EU IDMP SPOR data preparations remain as critical as ever, and an effective system migration will depend entirely on the groundwork done now. Here’s a new action plan.

After much frustration and panic following EMA’s latest IDMP curveball (around how data will be submitted to its comprehensive new database in the near term), the pharma industry and supporting software providers have reached a state of acceptance that nothing fundamental has really changed.

Yes, the initial plans have altered to buy everyone a bit more time, but the broader plan is still on track – to make product data submissions at least as important as electronic documents (and ultimately the priority/default) in all communications with the regional Regulator.

In other words, whatever tweaks companies and software vendors make to their roadmap and immediate capabilities over the next few months, these should not detract from – nor dilute – the overarching plan to get regulated product data in complete, consistent and up-to-date order.

That’s so that when it is time to migrate to – and go live – with an optimized new regulatory information/submissions management platform or system, there is comprehensive, compliant, high-quality data ready to run across it.

And of course, the foundational work done now will stand companies in good stead for when other regions across the world implement their own take on IDMP – given that dynamic data exchange is where all of this will go, globally, in due course.

What’s changed, and how does it affect you?

To recap what’s changed in the interim, EMA’s Digital Application Dataset Integration (DADI) interface – a project that has been evolving alongside IDMP and SPOR (see https://esubmission.ema.europa.eu/ for more information) – will in the short term, from April 2023, serve as the means for entering electronic application forms through interactive web forms.

This will enable companies to pull data from the PMS (that has been migrated from XEVMPD and other EMA databases) and to get out the human-readable PDF format and machine-readable XML format. Both formats will be submitted along with the eCTD; this part of the process will not change.

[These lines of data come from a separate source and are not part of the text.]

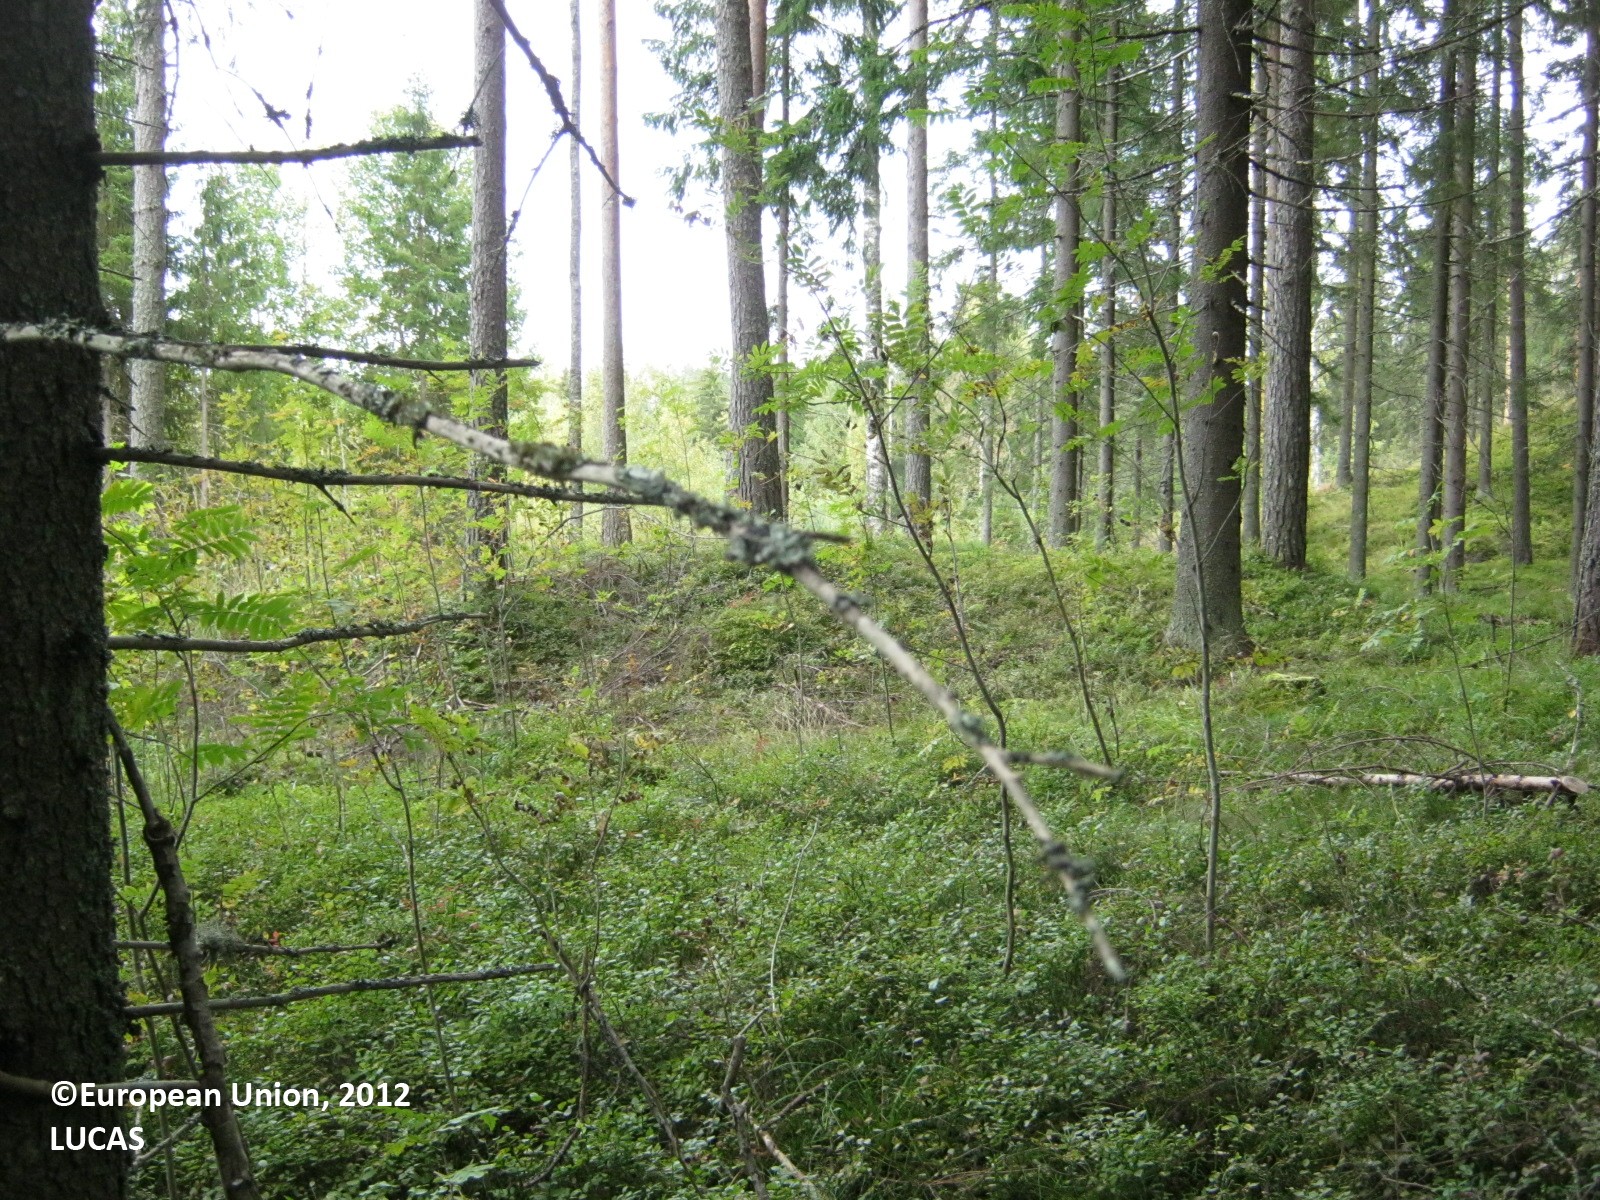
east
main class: Woodland
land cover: Spruce dominated coniferous woodland
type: boreal forest
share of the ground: > 75 %
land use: Forestry
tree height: > 5 m
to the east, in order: Spruce dominated coniferous woodland; Tracks; Spruce dominated coniferous woodland; Ditches and canals; Grass margins; Tracks; Grass margins; Ditches and canals; Broadleaved woodland; Ditches and canals; Grass margins; Tracks; Grass margins; Ditches and canals; Spruce dominated coniferous woodland; Ditches and canals; Broadleaved woodland
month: September
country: FI
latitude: 60.7712
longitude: 27.8385

This latest development is an important step toward the IDMP goal of reusing data from PMS, and the first step toward the IDMP standardization of data. EMA will support this approach for variation forms only at this point, extending it to initial applications and renewals later.

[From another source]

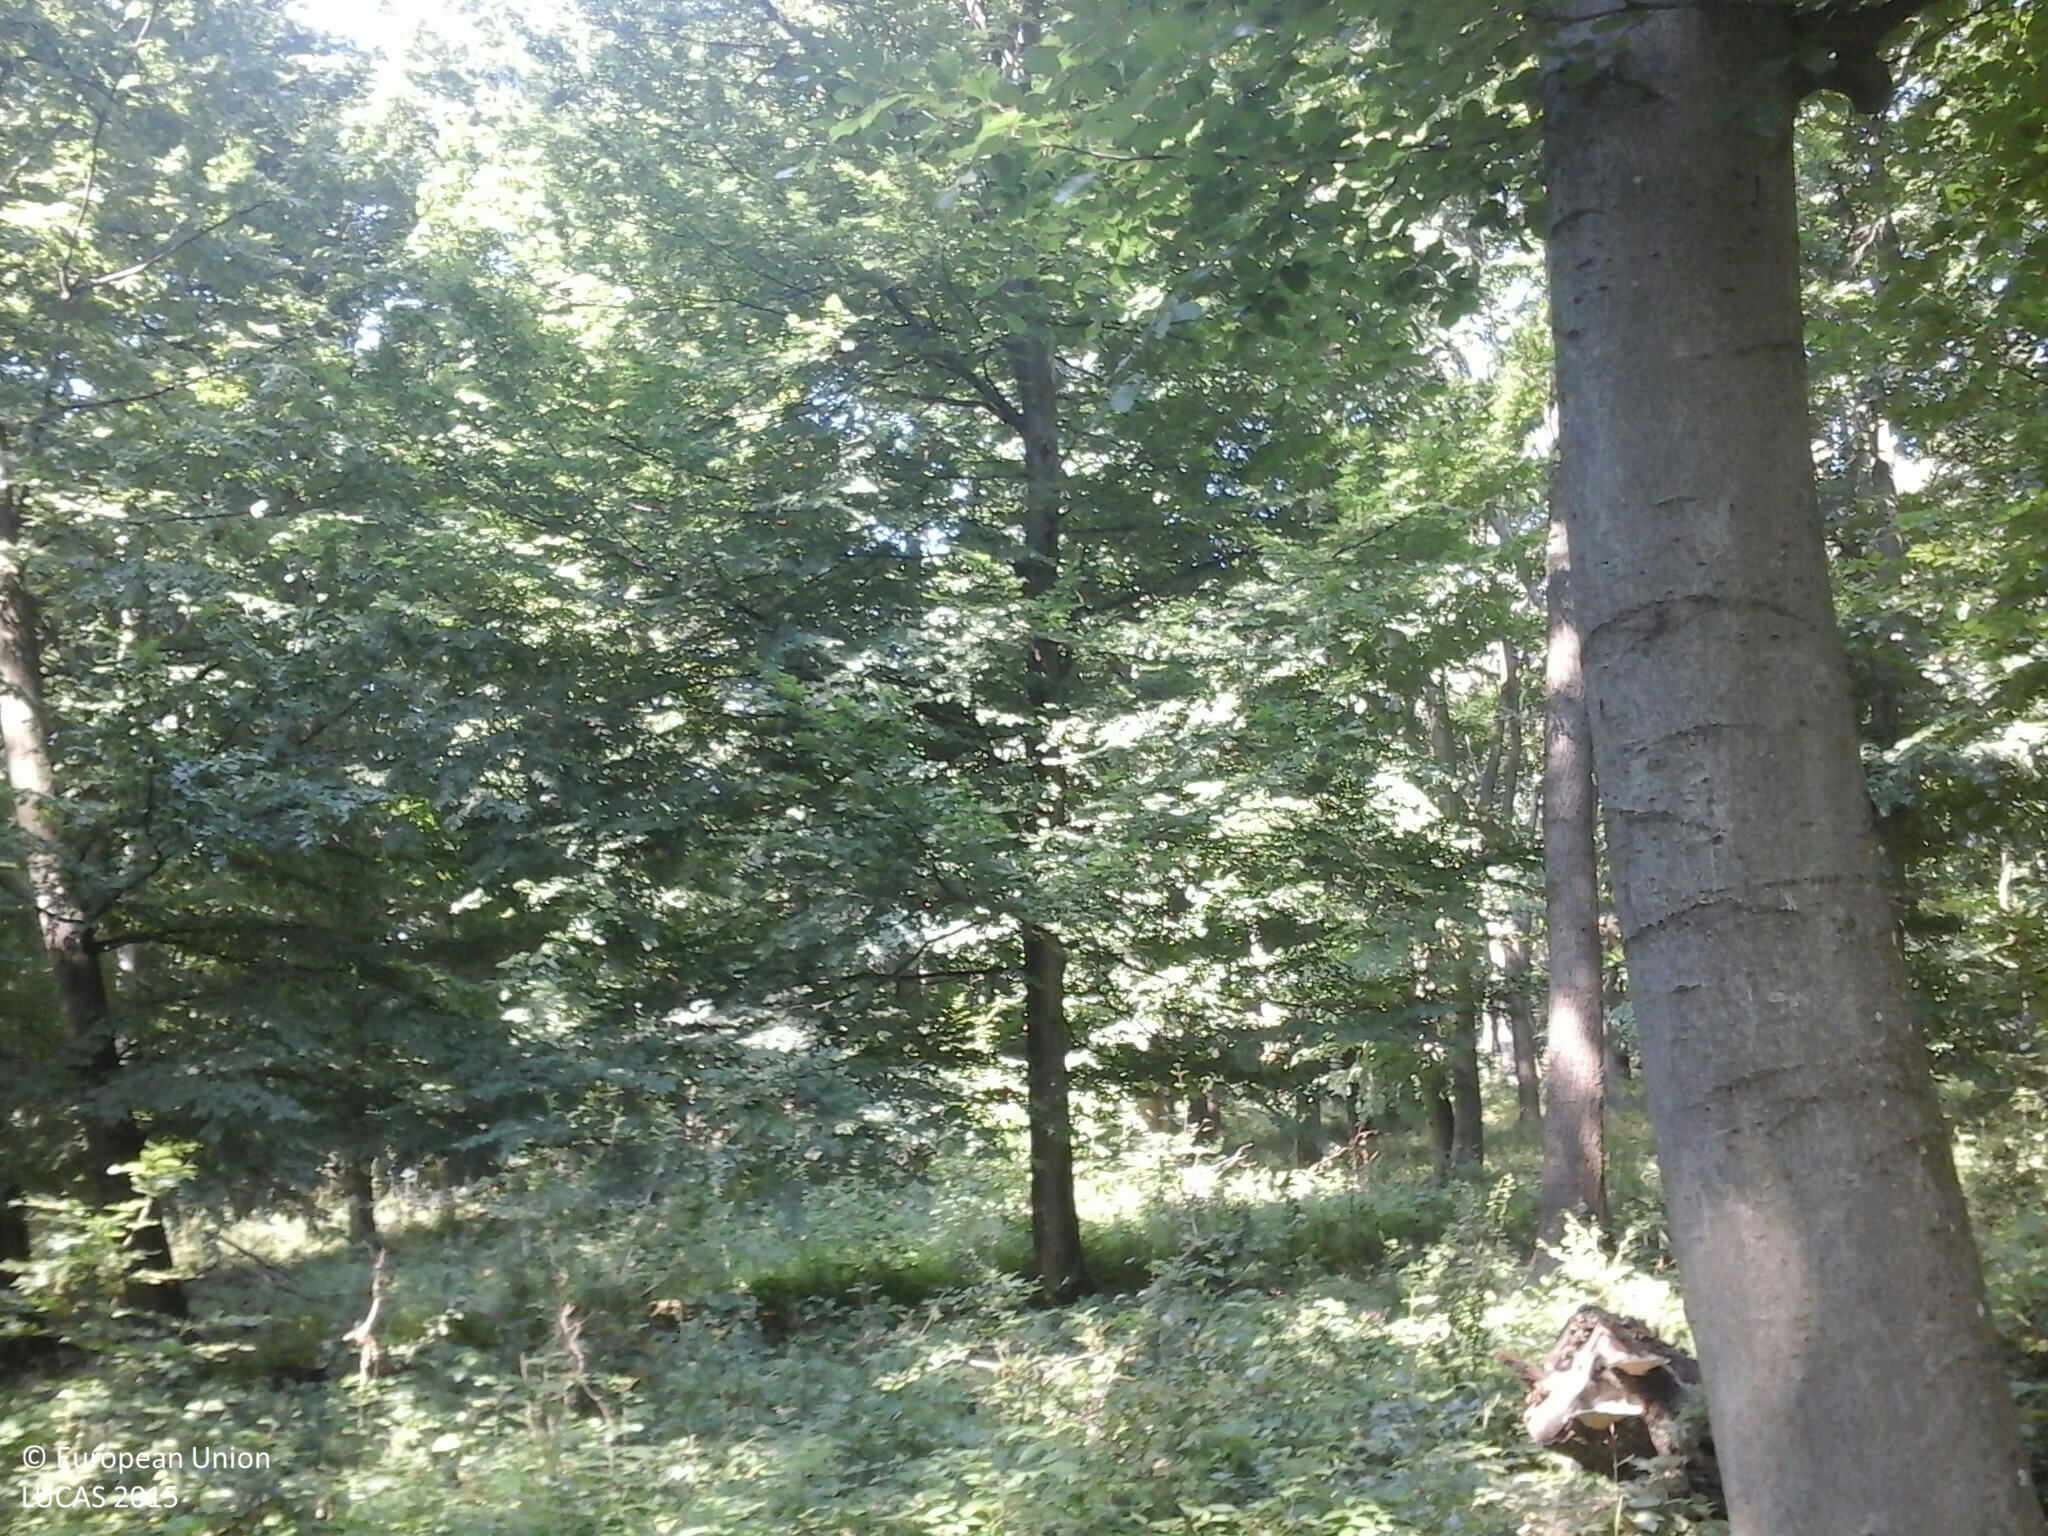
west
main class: Woodland
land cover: Broadleaved woodland
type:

Ultimately, EMA’s plan is for standardized medicinal product data currently held in the xEVMPD database to be enriched for the PMS, where fuller, more granular, IDMP-compliant medicinal product detail will be kept and updated over time.

There are some practical challenges still to be worked out, such as how IDMP detail that is currently missing will be added to PMS, and how internal company RIM systems and EMA’s PMS database will get to a point of being able to exchange data more seamlessly without requiring manual data re-entry. But for now, this is a chance for companies to update and correct their data with EMA’s dictionary through the familiar XEVMPD process. (Ultimately, FHIR – the global industry standard for passing healthcare data between systems – will support more dynamic data exchange/sync’ing between companies’ RIM systems and EMA’s PMS.)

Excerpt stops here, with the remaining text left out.